:: Exercise description ::
This exercise asks for every line of the material that contains the word "unusually".

:: Task material ::
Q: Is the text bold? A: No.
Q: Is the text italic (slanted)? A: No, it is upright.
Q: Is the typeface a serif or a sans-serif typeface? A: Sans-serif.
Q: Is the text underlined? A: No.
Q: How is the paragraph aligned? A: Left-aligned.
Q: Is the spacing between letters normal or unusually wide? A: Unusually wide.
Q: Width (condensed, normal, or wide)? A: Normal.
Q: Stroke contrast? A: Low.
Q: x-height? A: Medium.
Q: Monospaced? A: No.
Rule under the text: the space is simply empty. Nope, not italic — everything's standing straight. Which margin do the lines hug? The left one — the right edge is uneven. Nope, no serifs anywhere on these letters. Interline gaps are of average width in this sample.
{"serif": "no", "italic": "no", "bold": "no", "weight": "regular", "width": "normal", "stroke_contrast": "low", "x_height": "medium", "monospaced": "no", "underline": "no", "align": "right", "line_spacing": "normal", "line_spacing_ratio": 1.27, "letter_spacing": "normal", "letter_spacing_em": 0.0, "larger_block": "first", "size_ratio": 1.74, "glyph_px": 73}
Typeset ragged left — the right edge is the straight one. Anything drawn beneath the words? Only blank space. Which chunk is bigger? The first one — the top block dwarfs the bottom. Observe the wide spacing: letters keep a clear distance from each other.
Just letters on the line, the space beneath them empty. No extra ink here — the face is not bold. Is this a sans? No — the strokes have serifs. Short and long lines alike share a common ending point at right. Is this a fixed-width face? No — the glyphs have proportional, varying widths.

* * *

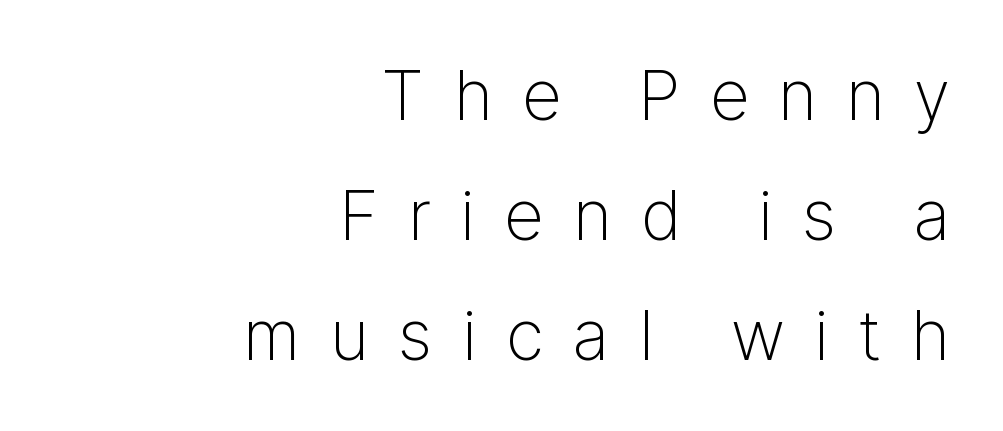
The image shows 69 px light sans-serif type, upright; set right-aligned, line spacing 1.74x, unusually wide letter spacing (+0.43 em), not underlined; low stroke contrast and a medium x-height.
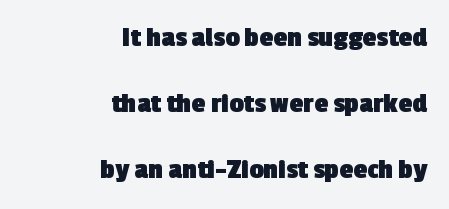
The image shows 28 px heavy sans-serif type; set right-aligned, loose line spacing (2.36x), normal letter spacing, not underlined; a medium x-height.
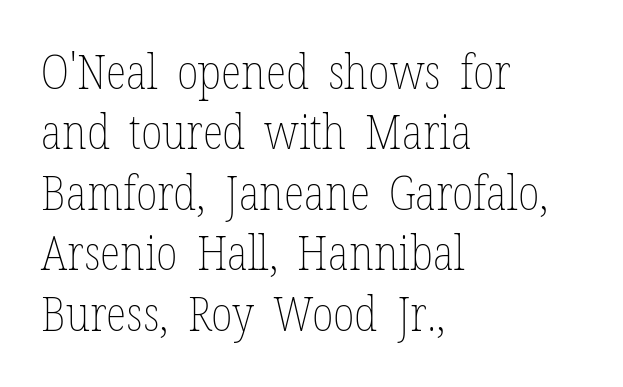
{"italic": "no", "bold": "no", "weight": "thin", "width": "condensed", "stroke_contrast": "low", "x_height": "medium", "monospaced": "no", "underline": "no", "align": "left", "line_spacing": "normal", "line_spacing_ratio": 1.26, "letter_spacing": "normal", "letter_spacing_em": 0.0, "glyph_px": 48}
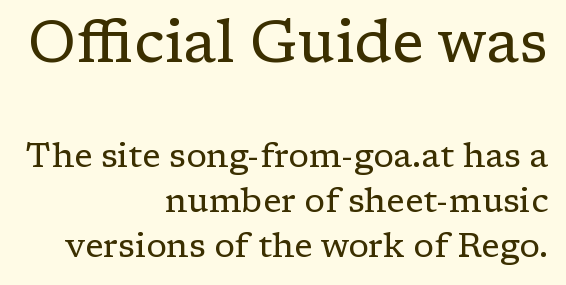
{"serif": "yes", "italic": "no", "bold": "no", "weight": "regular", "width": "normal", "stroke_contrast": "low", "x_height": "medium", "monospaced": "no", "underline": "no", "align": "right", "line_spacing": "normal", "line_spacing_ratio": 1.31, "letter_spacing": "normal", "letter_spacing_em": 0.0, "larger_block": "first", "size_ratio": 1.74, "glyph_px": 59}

:: Task result ::
Q: Is the spacing between letters normal or unusually wide? A: Unusually wide.
The image shows 69 px light sans-serif type, upright; set right-aligned, line spacing 1.74x, unusually wide letter spacing (+0.43 em), not underlined; low stroke contrast and a medium x-height.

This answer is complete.